EXERCISE OBJECTIVE » Wherever a line in the records contains the word "mTitleText", return that line.

DATA »
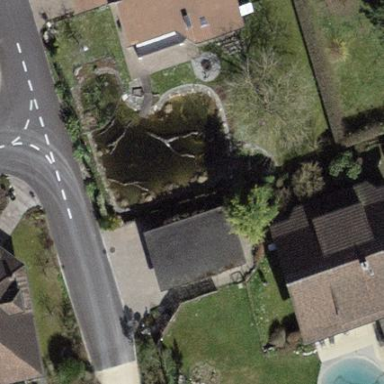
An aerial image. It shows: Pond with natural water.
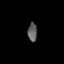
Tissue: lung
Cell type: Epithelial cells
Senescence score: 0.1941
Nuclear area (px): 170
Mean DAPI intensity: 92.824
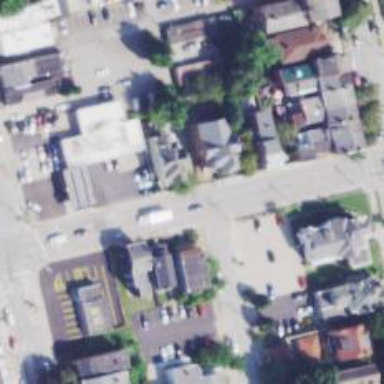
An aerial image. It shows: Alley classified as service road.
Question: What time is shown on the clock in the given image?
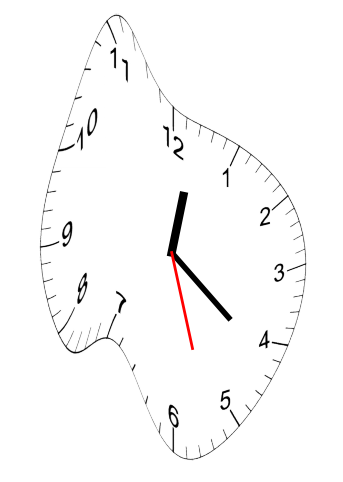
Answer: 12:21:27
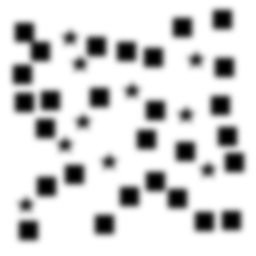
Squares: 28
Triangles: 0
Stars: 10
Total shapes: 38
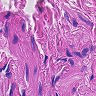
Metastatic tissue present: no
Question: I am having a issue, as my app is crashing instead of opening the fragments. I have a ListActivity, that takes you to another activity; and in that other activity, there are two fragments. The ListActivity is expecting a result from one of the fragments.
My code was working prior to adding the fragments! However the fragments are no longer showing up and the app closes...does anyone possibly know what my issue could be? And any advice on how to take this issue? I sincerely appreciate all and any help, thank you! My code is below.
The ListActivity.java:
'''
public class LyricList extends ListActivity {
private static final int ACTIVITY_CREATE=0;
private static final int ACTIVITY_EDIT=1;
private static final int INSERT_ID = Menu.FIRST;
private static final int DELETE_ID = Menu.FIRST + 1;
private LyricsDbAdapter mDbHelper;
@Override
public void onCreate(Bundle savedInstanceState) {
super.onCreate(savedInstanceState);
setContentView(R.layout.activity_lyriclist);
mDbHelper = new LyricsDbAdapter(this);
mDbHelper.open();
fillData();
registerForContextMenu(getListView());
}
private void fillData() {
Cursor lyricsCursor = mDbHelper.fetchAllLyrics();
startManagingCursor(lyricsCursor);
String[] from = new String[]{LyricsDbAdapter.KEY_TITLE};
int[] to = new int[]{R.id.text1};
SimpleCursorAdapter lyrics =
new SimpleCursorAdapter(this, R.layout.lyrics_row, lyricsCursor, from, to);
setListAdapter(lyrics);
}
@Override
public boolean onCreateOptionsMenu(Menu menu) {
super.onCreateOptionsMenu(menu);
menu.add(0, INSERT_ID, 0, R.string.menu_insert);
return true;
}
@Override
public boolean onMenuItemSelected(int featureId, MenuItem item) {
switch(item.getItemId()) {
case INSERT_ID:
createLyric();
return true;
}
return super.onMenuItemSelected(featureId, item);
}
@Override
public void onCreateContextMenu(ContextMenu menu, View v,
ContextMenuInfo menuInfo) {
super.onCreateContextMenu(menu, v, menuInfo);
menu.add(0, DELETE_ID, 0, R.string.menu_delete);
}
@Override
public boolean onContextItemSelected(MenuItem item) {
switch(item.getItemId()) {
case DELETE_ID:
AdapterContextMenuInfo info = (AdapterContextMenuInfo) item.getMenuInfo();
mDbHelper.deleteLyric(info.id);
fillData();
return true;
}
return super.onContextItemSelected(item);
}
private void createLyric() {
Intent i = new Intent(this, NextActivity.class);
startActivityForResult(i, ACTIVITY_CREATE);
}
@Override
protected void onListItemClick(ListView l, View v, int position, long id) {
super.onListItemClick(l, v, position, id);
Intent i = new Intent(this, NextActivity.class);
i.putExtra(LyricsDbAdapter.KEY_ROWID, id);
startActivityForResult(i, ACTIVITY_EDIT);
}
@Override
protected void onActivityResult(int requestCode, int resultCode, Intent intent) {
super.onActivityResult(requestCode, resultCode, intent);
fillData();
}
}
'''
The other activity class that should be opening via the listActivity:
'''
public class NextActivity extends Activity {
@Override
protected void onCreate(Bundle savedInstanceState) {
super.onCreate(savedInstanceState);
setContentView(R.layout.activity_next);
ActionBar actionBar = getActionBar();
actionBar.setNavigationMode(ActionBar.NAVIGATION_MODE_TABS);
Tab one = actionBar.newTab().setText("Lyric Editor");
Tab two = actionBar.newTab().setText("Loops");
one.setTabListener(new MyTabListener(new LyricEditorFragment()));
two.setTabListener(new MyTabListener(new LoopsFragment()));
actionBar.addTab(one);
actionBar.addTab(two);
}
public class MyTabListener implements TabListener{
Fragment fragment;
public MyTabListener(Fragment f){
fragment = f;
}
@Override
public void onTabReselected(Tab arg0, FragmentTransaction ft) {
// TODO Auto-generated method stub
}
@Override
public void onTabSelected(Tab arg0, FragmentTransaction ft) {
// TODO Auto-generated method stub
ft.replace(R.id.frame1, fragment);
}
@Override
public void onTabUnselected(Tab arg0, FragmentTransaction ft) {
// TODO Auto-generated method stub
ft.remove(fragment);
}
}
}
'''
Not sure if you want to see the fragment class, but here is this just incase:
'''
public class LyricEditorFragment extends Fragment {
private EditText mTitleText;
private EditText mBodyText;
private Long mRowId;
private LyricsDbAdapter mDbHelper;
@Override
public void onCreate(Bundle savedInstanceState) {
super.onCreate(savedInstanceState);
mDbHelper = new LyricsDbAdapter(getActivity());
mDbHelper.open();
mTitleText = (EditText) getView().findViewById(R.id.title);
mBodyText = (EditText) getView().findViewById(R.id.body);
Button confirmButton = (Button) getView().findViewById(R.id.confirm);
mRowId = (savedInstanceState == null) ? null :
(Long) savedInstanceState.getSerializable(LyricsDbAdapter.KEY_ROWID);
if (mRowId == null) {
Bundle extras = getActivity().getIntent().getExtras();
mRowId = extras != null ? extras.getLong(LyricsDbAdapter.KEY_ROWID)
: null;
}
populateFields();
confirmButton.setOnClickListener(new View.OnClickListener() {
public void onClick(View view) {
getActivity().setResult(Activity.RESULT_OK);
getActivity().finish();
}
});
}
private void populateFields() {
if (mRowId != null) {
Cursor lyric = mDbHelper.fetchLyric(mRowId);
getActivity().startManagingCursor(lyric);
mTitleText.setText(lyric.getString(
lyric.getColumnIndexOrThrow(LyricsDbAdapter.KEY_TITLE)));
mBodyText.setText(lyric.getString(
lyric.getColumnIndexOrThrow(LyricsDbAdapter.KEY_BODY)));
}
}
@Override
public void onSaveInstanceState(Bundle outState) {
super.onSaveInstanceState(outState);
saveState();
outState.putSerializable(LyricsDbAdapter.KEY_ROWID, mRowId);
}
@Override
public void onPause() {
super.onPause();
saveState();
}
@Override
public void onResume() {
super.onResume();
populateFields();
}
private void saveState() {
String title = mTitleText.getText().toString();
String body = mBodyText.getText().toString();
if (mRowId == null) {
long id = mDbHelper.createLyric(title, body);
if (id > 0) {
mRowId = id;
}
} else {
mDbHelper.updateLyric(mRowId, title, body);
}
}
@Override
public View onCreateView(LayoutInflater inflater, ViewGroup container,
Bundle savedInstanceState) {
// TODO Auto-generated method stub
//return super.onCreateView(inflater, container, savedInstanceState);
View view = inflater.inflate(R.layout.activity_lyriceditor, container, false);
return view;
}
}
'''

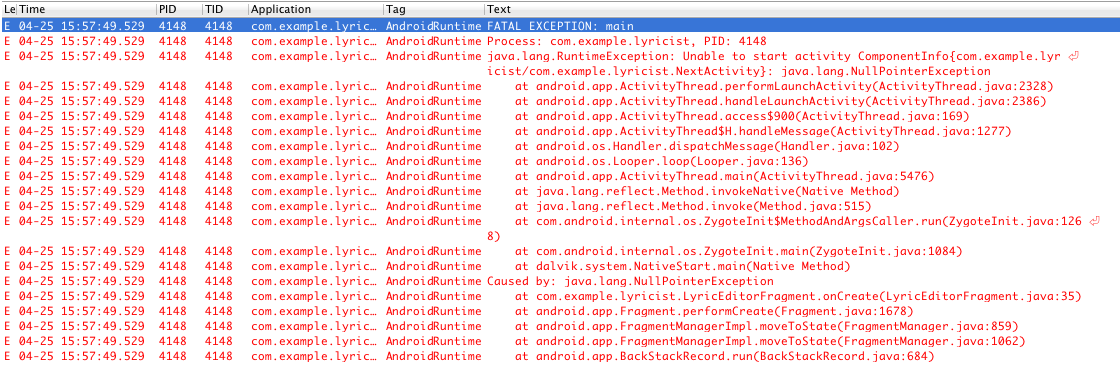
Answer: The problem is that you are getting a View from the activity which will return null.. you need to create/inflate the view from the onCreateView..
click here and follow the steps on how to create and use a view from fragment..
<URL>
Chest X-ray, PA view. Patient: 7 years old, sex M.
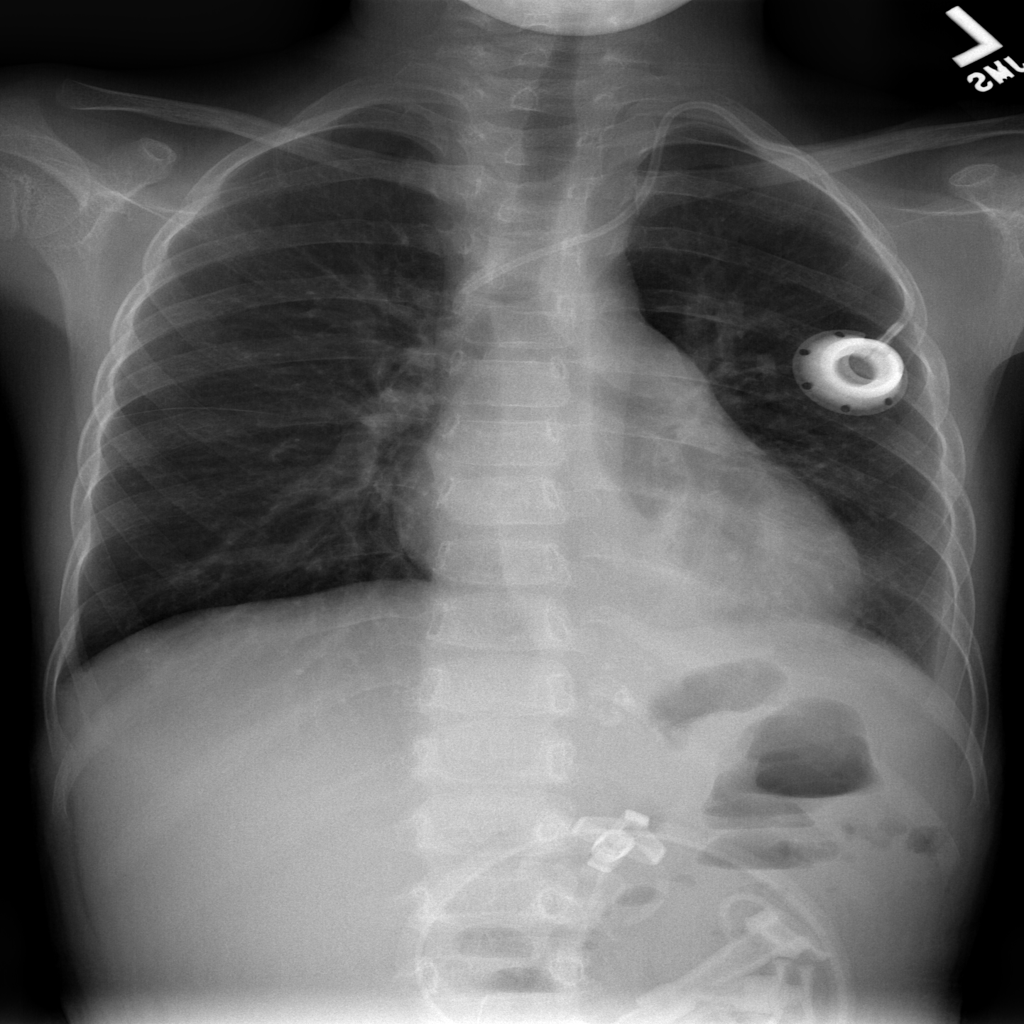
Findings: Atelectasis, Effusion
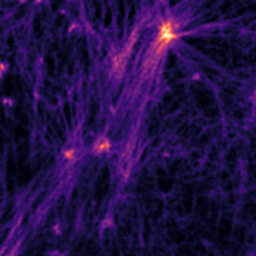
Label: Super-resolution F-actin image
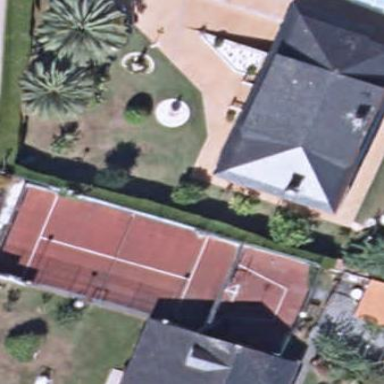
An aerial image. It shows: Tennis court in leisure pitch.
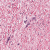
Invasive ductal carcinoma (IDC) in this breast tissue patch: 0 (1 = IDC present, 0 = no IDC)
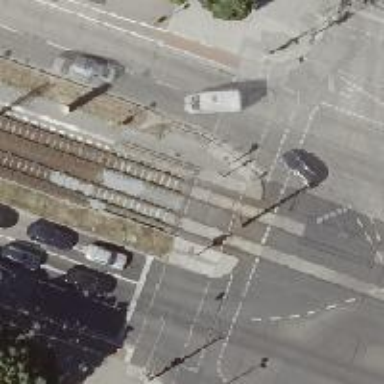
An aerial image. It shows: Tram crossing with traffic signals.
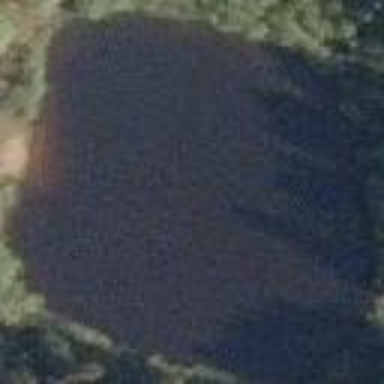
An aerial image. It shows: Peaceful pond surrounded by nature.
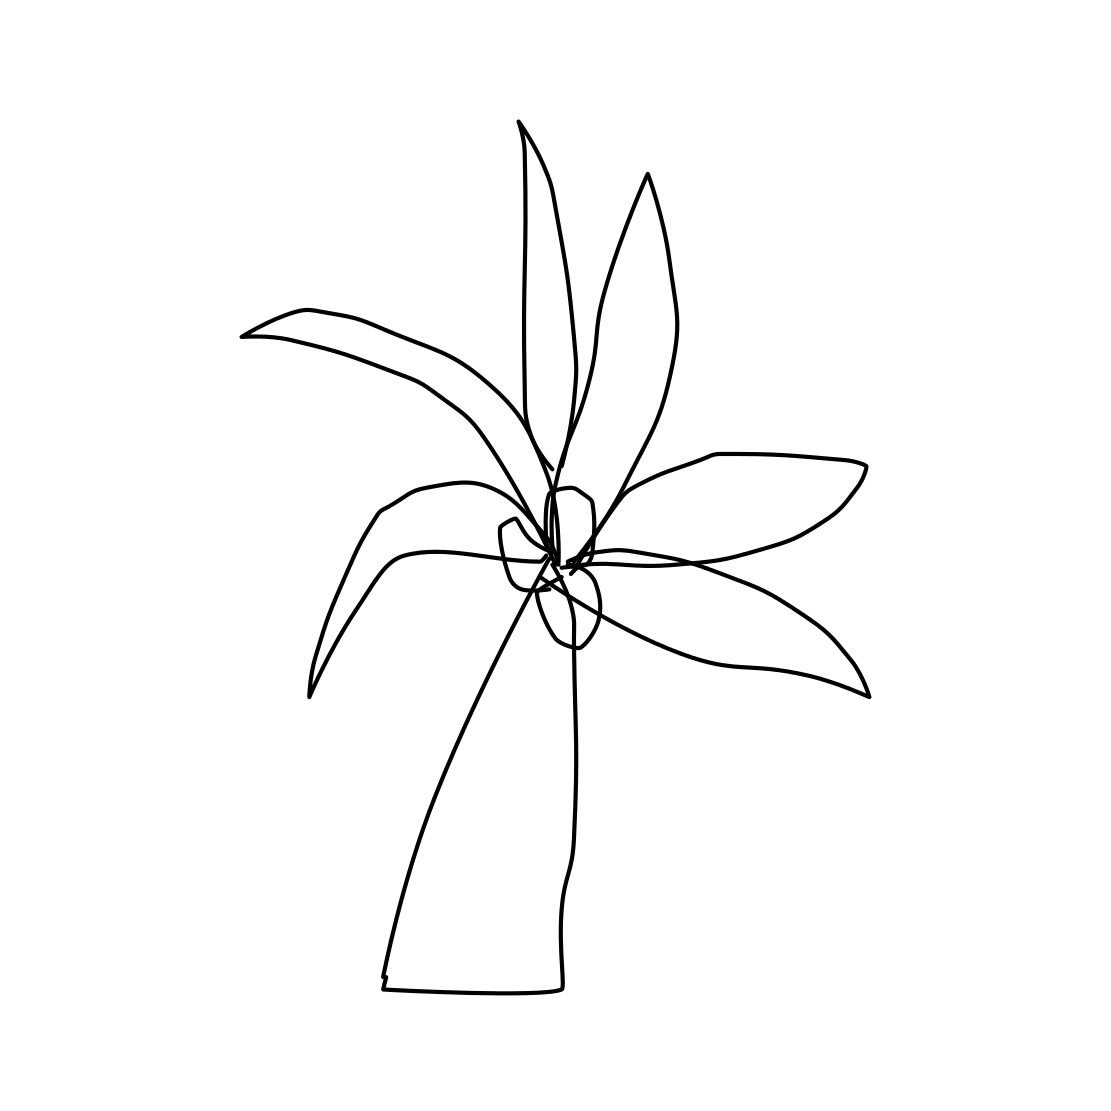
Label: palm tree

OUTPUT FOR THIS TASK »
private EditText mTitleText;
mTitleText = (EditText) getView().findViewById(R.id.title);
mTitleText.setText(lyric.getString(
String title = mTitleText.getText().toString();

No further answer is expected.